> [Assignment]: Find each line of the entries with the string "version", please, and copy it.

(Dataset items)

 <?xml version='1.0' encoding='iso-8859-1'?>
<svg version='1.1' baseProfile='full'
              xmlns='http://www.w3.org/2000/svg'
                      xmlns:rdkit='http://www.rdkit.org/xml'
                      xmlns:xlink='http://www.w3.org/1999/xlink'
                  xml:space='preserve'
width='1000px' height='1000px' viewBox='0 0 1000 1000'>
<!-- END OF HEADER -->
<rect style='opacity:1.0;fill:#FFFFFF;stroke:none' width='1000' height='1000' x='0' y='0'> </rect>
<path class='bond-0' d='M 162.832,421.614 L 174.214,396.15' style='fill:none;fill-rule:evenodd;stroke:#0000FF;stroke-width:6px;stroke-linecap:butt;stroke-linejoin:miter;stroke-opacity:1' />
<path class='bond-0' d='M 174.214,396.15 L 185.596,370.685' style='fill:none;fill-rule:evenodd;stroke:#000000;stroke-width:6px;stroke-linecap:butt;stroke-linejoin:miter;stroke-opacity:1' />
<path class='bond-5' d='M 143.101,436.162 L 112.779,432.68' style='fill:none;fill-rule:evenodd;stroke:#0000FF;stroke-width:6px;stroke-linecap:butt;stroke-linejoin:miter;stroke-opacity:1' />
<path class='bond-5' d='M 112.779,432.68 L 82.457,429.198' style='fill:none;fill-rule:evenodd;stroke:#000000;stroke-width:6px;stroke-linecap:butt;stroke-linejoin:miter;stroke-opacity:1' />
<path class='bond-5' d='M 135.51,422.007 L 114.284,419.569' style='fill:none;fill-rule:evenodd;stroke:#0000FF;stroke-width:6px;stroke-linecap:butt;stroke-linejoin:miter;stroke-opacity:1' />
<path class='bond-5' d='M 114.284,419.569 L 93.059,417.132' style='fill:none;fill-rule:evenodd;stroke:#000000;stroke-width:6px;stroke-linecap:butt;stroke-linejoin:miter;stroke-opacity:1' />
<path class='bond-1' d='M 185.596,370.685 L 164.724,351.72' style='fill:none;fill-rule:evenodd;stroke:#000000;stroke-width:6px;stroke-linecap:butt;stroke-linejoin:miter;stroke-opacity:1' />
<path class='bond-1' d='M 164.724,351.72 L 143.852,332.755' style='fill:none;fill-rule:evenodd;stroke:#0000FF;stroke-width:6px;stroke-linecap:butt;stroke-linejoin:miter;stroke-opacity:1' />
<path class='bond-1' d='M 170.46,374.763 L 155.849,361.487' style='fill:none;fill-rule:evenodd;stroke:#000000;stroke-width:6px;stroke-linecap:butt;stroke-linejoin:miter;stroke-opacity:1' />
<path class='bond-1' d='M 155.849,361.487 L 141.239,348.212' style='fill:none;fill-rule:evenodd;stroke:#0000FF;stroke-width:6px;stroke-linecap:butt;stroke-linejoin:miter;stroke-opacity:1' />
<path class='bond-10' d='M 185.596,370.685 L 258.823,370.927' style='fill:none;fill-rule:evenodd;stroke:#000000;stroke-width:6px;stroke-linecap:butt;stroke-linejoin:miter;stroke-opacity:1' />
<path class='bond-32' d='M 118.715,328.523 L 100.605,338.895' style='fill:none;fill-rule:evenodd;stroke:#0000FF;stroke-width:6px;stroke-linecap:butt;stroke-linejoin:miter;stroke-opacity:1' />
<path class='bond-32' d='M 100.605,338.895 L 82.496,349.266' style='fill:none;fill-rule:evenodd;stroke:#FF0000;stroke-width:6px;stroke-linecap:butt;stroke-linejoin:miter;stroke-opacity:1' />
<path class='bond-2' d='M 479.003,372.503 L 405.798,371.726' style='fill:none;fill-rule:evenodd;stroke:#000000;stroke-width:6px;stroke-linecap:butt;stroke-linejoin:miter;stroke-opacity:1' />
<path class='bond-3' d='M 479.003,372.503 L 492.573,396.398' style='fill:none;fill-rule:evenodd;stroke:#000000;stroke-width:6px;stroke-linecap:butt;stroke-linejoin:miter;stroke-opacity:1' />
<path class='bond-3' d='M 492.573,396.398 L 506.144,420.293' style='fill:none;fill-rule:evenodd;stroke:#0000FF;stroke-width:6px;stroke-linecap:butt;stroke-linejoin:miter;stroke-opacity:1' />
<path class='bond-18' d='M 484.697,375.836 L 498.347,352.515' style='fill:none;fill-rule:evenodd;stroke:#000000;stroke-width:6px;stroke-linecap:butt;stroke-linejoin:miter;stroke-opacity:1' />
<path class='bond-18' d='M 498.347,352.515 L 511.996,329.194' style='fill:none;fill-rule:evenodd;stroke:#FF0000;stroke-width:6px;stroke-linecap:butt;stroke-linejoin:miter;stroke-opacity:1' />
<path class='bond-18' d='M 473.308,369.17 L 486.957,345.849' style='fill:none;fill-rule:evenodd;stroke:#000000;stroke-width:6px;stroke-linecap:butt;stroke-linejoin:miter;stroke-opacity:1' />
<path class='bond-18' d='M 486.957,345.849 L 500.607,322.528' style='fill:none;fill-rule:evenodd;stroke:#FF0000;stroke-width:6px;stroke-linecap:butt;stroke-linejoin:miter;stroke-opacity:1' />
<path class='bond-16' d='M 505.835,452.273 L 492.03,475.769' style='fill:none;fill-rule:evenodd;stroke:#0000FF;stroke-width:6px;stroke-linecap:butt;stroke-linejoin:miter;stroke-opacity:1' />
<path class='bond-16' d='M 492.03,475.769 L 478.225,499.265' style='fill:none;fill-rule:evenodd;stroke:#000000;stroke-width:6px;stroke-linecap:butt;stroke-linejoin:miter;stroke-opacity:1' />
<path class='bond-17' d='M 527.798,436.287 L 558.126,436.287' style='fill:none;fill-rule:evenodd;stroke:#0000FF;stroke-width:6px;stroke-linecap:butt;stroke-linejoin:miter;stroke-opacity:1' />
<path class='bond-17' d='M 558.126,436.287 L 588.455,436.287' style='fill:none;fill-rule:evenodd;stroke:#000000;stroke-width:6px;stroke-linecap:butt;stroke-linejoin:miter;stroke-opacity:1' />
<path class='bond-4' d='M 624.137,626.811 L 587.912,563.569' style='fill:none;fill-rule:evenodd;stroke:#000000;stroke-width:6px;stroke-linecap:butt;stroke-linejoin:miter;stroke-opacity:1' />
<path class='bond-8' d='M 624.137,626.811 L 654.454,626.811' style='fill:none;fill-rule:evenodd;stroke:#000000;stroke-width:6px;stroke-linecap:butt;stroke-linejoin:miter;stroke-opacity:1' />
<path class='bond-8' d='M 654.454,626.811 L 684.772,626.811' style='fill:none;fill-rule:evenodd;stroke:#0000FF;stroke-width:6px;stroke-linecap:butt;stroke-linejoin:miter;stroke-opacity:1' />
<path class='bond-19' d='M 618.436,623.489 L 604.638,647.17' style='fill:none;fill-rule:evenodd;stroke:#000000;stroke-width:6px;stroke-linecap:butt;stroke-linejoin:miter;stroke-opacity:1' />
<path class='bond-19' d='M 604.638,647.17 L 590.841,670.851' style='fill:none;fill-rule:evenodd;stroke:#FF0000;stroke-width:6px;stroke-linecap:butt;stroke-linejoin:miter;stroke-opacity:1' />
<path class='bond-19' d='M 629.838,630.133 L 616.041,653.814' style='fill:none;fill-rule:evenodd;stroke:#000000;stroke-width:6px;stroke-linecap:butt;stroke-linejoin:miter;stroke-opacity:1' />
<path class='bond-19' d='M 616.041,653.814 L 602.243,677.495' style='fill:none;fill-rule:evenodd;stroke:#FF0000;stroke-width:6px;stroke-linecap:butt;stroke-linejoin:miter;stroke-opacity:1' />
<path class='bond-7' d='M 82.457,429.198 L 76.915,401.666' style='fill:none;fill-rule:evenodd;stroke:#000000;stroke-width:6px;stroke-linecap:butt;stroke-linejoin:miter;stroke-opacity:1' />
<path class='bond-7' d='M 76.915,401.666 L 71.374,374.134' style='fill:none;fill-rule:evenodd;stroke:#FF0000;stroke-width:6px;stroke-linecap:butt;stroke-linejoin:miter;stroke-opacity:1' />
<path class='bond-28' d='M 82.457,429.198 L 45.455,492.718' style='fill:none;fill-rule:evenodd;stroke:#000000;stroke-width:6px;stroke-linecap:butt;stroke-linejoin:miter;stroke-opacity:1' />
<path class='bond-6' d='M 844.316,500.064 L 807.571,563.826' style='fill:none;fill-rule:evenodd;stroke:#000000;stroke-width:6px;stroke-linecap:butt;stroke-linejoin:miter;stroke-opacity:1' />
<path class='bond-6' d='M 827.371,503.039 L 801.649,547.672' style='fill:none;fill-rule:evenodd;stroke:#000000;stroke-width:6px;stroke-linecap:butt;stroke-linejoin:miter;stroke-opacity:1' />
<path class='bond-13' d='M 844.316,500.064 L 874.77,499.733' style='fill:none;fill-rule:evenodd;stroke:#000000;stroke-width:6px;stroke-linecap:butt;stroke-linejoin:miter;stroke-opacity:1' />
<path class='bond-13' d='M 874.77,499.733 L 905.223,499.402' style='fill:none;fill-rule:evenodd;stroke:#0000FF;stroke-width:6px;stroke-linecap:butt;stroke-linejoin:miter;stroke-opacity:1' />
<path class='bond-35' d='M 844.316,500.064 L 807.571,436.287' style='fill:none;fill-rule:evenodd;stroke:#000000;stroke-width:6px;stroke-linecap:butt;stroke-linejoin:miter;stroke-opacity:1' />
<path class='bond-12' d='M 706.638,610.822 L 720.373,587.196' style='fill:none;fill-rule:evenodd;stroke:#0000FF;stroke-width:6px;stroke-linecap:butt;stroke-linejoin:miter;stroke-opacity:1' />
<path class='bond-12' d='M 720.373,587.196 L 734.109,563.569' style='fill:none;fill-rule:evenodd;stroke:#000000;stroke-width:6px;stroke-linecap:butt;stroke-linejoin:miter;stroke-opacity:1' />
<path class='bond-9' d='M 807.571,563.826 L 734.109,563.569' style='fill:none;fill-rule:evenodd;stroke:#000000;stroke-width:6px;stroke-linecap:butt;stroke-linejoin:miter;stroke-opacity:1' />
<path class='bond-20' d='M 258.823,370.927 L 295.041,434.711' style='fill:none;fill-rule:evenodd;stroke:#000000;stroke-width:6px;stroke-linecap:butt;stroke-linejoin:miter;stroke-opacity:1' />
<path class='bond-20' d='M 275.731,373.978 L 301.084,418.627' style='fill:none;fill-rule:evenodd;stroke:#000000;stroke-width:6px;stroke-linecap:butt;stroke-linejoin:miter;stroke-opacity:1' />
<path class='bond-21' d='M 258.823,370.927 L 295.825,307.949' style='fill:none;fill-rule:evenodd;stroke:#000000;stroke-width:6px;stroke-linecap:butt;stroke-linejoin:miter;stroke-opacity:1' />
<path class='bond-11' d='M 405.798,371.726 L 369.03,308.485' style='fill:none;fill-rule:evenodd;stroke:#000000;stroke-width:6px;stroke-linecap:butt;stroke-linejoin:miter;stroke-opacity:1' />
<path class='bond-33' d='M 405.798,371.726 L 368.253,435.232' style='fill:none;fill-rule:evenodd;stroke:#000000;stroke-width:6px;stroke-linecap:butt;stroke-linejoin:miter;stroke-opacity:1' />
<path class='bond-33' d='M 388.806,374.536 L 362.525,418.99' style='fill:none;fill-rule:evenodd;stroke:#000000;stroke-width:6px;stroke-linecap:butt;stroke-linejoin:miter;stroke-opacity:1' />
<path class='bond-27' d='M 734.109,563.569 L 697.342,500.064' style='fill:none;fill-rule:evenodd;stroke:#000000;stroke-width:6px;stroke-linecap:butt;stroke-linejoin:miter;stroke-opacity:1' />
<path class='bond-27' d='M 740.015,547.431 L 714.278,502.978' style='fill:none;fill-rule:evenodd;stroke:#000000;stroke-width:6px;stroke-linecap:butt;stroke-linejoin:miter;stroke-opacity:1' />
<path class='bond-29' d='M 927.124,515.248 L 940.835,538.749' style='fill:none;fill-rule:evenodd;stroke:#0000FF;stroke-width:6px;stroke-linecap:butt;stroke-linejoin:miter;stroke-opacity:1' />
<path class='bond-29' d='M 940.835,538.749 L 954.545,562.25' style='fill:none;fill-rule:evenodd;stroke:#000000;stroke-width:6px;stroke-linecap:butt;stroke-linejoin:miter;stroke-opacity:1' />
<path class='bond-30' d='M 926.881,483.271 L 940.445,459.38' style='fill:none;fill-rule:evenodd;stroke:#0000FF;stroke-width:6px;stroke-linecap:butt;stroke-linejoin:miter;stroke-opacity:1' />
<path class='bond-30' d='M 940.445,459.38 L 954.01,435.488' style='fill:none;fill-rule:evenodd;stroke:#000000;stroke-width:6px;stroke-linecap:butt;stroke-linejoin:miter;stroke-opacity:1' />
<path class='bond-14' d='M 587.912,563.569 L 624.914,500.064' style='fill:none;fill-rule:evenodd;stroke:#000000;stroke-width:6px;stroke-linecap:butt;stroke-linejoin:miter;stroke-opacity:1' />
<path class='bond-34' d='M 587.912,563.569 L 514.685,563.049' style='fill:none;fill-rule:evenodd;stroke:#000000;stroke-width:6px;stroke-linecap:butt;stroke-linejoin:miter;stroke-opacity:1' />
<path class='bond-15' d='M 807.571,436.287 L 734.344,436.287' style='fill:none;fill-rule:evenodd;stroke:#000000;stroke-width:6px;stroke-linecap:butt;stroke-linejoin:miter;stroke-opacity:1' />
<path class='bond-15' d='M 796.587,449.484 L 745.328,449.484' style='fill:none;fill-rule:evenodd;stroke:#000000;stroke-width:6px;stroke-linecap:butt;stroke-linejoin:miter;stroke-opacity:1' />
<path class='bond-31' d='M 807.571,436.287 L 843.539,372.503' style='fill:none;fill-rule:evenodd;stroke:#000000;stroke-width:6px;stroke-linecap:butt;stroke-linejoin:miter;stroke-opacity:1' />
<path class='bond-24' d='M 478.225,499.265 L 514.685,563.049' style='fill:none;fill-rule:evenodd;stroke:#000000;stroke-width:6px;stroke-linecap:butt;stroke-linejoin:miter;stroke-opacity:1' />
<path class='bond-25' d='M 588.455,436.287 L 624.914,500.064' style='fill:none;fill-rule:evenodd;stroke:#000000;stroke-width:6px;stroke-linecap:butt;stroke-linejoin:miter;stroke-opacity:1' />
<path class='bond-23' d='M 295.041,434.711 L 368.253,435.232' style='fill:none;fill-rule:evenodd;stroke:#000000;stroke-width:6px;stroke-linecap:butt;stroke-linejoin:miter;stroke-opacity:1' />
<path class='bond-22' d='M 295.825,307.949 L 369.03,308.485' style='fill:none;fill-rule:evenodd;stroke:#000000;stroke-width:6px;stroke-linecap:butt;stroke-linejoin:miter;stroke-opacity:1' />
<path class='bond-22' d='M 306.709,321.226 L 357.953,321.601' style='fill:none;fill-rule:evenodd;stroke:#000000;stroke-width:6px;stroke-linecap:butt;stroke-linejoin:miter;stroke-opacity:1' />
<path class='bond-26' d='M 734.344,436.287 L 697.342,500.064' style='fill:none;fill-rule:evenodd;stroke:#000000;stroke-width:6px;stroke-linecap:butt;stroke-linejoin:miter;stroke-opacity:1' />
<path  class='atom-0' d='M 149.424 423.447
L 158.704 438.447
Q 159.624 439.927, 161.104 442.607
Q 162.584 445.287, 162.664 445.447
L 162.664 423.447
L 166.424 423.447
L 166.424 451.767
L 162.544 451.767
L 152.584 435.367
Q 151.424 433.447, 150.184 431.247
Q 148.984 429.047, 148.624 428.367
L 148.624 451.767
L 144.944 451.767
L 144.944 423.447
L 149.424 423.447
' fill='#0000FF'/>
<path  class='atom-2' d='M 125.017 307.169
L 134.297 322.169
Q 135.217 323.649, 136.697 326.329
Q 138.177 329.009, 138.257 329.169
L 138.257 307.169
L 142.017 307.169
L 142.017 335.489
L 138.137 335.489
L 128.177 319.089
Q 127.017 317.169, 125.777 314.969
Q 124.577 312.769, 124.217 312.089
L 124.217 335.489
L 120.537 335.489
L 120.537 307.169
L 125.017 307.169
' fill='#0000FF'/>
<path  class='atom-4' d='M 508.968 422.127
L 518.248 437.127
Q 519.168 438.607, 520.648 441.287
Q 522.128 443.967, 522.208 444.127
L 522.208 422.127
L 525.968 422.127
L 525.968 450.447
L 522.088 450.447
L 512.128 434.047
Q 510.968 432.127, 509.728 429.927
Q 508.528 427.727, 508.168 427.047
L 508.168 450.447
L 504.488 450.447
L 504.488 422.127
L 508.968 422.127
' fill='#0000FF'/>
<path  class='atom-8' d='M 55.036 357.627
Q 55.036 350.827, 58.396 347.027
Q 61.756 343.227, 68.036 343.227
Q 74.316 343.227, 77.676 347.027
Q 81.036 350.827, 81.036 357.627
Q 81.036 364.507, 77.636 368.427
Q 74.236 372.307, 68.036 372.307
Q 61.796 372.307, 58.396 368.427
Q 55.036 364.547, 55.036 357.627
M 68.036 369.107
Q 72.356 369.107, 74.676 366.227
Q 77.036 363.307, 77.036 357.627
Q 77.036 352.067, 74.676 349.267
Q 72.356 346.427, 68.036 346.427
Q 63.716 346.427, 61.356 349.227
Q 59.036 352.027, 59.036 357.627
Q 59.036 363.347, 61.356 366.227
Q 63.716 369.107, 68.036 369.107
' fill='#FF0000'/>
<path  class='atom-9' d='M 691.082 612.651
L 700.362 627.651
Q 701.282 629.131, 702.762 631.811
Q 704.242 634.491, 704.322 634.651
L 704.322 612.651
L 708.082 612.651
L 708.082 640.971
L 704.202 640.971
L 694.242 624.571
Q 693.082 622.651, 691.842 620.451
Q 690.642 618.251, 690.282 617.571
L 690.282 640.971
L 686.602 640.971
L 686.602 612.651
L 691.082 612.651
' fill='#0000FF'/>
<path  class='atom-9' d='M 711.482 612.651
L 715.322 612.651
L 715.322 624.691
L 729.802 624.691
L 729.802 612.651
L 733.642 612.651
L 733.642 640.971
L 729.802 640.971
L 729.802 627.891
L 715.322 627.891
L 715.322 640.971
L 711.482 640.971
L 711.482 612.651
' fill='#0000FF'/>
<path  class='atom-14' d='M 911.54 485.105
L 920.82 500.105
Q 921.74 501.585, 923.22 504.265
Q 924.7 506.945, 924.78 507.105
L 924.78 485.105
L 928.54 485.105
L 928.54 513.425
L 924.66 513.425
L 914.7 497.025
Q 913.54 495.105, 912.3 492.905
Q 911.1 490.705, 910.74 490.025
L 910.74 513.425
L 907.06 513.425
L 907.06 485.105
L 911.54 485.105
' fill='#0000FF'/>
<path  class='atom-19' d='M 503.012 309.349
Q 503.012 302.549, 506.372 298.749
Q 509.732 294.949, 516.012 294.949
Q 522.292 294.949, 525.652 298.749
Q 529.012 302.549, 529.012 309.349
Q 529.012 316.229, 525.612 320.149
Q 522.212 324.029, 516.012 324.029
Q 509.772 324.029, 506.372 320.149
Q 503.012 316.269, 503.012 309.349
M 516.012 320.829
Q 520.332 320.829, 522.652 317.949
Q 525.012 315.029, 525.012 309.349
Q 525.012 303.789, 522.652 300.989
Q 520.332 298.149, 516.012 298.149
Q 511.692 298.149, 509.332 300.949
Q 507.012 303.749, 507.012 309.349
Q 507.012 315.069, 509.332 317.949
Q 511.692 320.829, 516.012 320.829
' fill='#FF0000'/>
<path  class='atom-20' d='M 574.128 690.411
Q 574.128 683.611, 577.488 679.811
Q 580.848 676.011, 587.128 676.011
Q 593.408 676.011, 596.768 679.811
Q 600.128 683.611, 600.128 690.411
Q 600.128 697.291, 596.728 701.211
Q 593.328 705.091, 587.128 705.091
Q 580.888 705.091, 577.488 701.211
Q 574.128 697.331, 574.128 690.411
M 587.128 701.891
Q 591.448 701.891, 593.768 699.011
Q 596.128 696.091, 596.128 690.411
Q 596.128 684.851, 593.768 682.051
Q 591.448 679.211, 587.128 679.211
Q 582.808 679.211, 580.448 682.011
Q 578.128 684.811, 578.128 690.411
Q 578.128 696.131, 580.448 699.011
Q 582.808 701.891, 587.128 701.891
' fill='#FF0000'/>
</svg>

> [Answer area]:
 <?xml version='1.0' encoding='iso-8859-1'?>
<svg version='1.1' baseProfile='full'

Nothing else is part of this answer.